Collection entries

_____

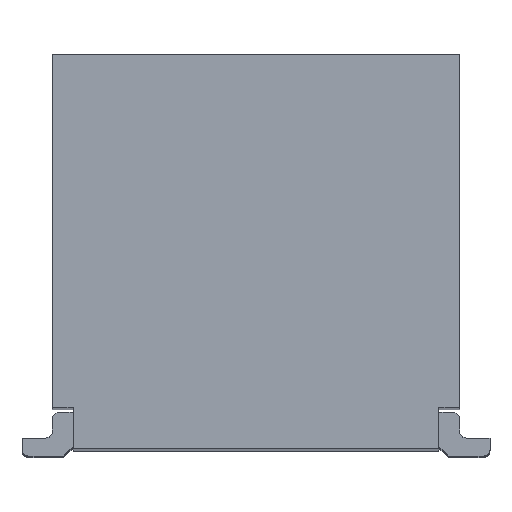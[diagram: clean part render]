
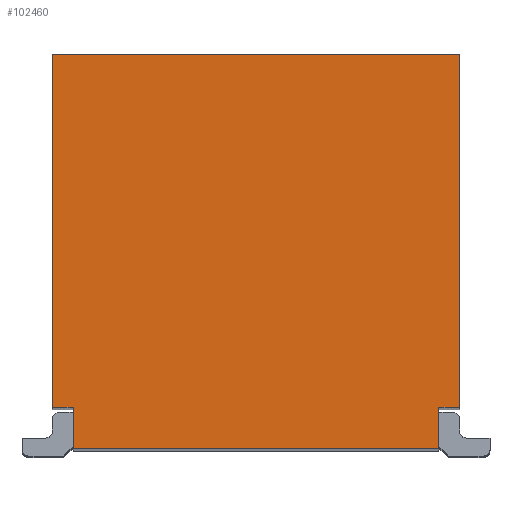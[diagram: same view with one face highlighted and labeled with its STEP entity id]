
A CAD part, top view. The second image highlights one B-rep face of the part: STEP entity #102460.
In plain terms, the highlighted planar face has unit normal (0, 0, 1).
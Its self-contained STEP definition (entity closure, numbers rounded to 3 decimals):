
#65690=CARTESIAN_POINT('',(0.,-1.45,11.185
));
#65700=DIRECTION('',(-1.,0.,0.));
#65710=VECTOR('',#65700,1.);
#65720=LINE('',#65690,#65710);
#65730=CARTESIAN_POINT('',(1.32,-1.45,11.185));
#65740=VERTEX_POINT('',#65730);
#65750=CARTESIAN_POINT('',(-1.32,-1.45,11.185));
#65760=VERTEX_POINT('',#65750);
#65770=EDGE_CURVE('',#65740,#65760,#65720,.T.);
#66150=CARTESIAN_POINT('',(-1.47,-1.15,11.185));
#66160=VERTEX_POINT('',#66150);
#66630=CARTESIAN_POINT('',(-1.47,1.4,11.185));
#66640=VERTEX_POINT('',#66630);
#66670=CARTESIAN_POINT('',(-1.47,-0.5,11.185));
#66680=DIRECTION('',(0.,-1.,0.));
#66690=VECTOR('',#66680,1.);
#66700=LINE('',#66670,#66690);
#66710=EDGE_CURVE('',#66640,#66160,#66700,.T.);
#81330=CARTESIAN_POINT('',(1.47,1.4,11.185));
#81340=VERTEX_POINT('',#81330);
#81370=CARTESIAN_POINT('',(0.,1.4,11.185));
#81380=DIRECTION('',(1.,0.,-0.));
#81390=VECTOR('',#81380,1.);
#81400=LINE('',#81370,#81390);
#81410=EDGE_CURVE('',#66640,#81340,#81400,.T.);
#81920=CARTESIAN_POINT('',(1.47,-1.15,11.185));
#81930=VERTEX_POINT('',#81920);
#81960=CARTESIAN_POINT('',(1.47,-0.5,11.185));
#81970=DIRECTION('',(0.,1.,0.));
#81980=VECTOR('',#81970,1.);
#81990=LINE('',#81960,#81980);
#82000=EDGE_CURVE('',#81930,#81340,#81990,.T.);
#100420=CARTESIAN_POINT('',(0.,-1.15,11.185));
#100430=DIRECTION('',(1.,0.,0.));
#100440=VECTOR('',#100430,1.);
#100450=LINE('',#100420,#100440);
#100460=CARTESIAN_POINT('',(-1.32,-1.15,11.185));
#100470=VERTEX_POINT('',#100460);
#100480=EDGE_CURVE('',#66160,#100470,#100450,.T.);
#102140=CARTESIAN_POINT('',(1.544,-1.521,11.185));
#102150=DIRECTION('',(0.,0.,1.));
#102160=DIRECTION('',(-1.,0.,0.));
#102170=AXIS2_PLACEMENT_3D('',#102140,#102150,#102160);
#102180=PLANE('',#102170);
#102190=CARTESIAN_POINT('',(1.32,-0.5,11.185));
#102200=DIRECTION('',(0.,-1.,0.));
#102210=VECTOR('',#102200,1.);
#102220=LINE('',#102190,#102210);
#102230=CARTESIAN_POINT('',(1.32,-1.15,11.185));
#102240=VERTEX_POINT('',#102230);
#102250=EDGE_CURVE('',#102240,#65740,#102220,.T.);
#102260=ORIENTED_EDGE('',*,*,#102250,.F.);
#102270=ORIENTED_EDGE('',*,*,#65770,.F.);
#102280=CARTESIAN_POINT('',(-1.32,-0.5,11.185));
#102290=DIRECTION('',(0.,1.,0.));
#102300=VECTOR('',#102290,1.);
#102310=LINE('',#102280,#102300);
#102320=EDGE_CURVE('',#65760,#100470,#102310,.T.);
#102330=ORIENTED_EDGE('',*,*,#102320,.F.);
#102340=ORIENTED_EDGE('',*,*,#100480,.T.);
#102350=ORIENTED_EDGE('',*,*,#66710,.T.);
#102360=ORIENTED_EDGE('',*,*,#81410,.F.);
#102370=ORIENTED_EDGE('',*,*,#82000,.T.);
#102380=CARTESIAN_POINT('',(0.,-1.15,11.185));
#102390=DIRECTION('',(1.,0.,0.));
#102400=VECTOR('',#102390,1.);
#102410=LINE('',#102380,#102400);
#102420=EDGE_CURVE('',#102240,#81930,#102410,.T.);
#102430=ORIENTED_EDGE('',*,*,#102420,.T.);
#102440=EDGE_LOOP('',(#102430,#102370,#102360,#102350,#102340,#102330,
#102270,#102260));
#102450=FACE_OUTER_BOUND('',#102440,.T.);
#102460=ADVANCED_FACE('',(#102450),#102180,.T.);

_____

(YOUR ASSIGNMENT):
All entries must be written out again exactly as given, with no pictures in the copy.

(THE ANSWER):
[diagram: clean part render]
[diagram: same view with one face highlighted and labeled with its STEP entity id]
A CAD part, top view. The second image highlights one B-rep face of the part: STEP entity #102460.
In plain terms, the highlighted planar face has unit normal (0, 0, 1).
Its self-contained STEP definition (entity closure, numbers rounded to 3 decimals):
#65690=CARTESIAN_POINT('',(0.,-1.45,11.185
));
#65700=DIRECTION('',(-1.,0.,0.));
#65710=VECTOR('',#65700,1.);
#65720=LINE('',#65690,#65710);
#65730=CARTESIAN_POINT('',(1.32,-1.45,11.185));
#65740=VERTEX_POINT('',#65730);
#65750=CARTESIAN_POINT('',(-1.32,-1.45,11.185));
#65760=VERTEX_POINT('',#65750);
#65770=EDGE_CURVE('',#65740,#65760,#65720,.T.);
#66150=CARTESIAN_POINT('',(-1.47,-1.15,11.185));
#66160=VERTEX_POINT('',#66150);
#66630=CARTESIAN_POINT('',(-1.47,1.4,11.185));
#66640=VERTEX_POINT('',#66630);
#66670=CARTESIAN_POINT('',(-1.47,-0.5,11.185));
#66680=DIRECTION('',(0.,-1.,0.));
#66690=VECTOR('',#66680,1.);
#66700=LINE('',#66670,#66690);
#66710=EDGE_CURVE('',#66640,#66160,#66700,.T.);
#81330=CARTESIAN_POINT('',(1.47,1.4,11.185));
#81340=VERTEX_POINT('',#81330);
#81370=CARTESIAN_POINT('',(0.,1.4,11.185));
#81380=DIRECTION('',(1.,0.,-0.));
#81390=VECTOR('',#81380,1.);
#81400=LINE('',#81370,#81390);
#81410=EDGE_CURVE('',#66640,#81340,#81400,.T.);
#81920=CARTESIAN_POINT('',(1.47,-1.15,11.185));
#81930=VERTEX_POINT('',#81920);
#81960=CARTESIAN_POINT('',(1.47,-0.5,11.185));
#81970=DIRECTION('',(0.,1.,0.));
#81980=VECTOR('',#81970,1.);
#81990=LINE('',#81960,#81980);
#82000=EDGE_CURVE('',#81930,#81340,#81990,.T.);
#100420=CARTESIAN_POINT('',(0.,-1.15,11.185));
#100430=DIRECTION('',(1.,0.,0.));
#100440=VECTOR('',#100430,1.);
#100450=LINE('',#100420,#100440);
#100460=CARTESIAN_POINT('',(-1.32,-1.15,11.185));
#100470=VERTEX_POINT('',#100460);
#100480=EDGE_CURVE('',#66160,#100470,#100450,.T.);
#102140=CARTESIAN_POINT('',(1.544,-1.521,11.185));
#102150=DIRECTION('',(0.,0.,1.));
#102160=DIRECTION('',(-1.,0.,0.));
#102170=AXIS2_PLACEMENT_3D('',#102140,#102150,#102160);
#102180=PLANE('',#102170);
#102190=CARTESIAN_POINT('',(1.32,-0.5,11.185));
#102200=DIRECTION('',(0.,-1.,0.));
#102210=VECTOR('',#102200,1.);
#102220=LINE('',#102190,#102210);
#102230=CARTESIAN_POINT('',(1.32,-1.15,11.185));
#102240=VERTEX_POINT('',#102230);
#102250=EDGE_CURVE('',#102240,#65740,#102220,.T.);
#102260=ORIENTED_EDGE('',*,*,#102250,.F.);
#102270=ORIENTED_EDGE('',*,*,#65770,.F.);
#102280=CARTESIAN_POINT('',(-1.32,-0.5,11.185));
#102290=DIRECTION('',(0.,1.,0.));
#102300=VECTOR('',#102290,1.);
#102310=LINE('',#102280,#102300);
#102320=EDGE_CURVE('',#65760,#100470,#102310,.T.);
#102330=ORIENTED_EDGE('',*,*,#102320,.F.);
#102340=ORIENTED_EDGE('',*,*,#100480,.T.);
#102350=ORIENTED_EDGE('',*,*,#66710,.T.);
#102360=ORIENTED_EDGE('',*,*,#81410,.F.);
#102370=ORIENTED_EDGE('',*,*,#82000,.T.);
#102380=CARTESIAN_POINT('',(0.,-1.15,11.185));
#102390=DIRECTION('',(1.,0.,0.));
#102400=VECTOR('',#102390,1.);
#102410=LINE('',#102380,#102400);
#102420=EDGE_CURVE('',#102240,#81930,#102410,.T.);
#102430=ORIENTED_EDGE('',*,*,#102420,.T.);
#102440=EDGE_LOOP('',(#102430,#102370,#102360,#102350,#102340,#102330,
#102270,#102260));
#102450=FACE_OUTER_BOUND('',#102440,.T.);
#102460=ADVANCED_FACE('',(#102450),#102180,.T.);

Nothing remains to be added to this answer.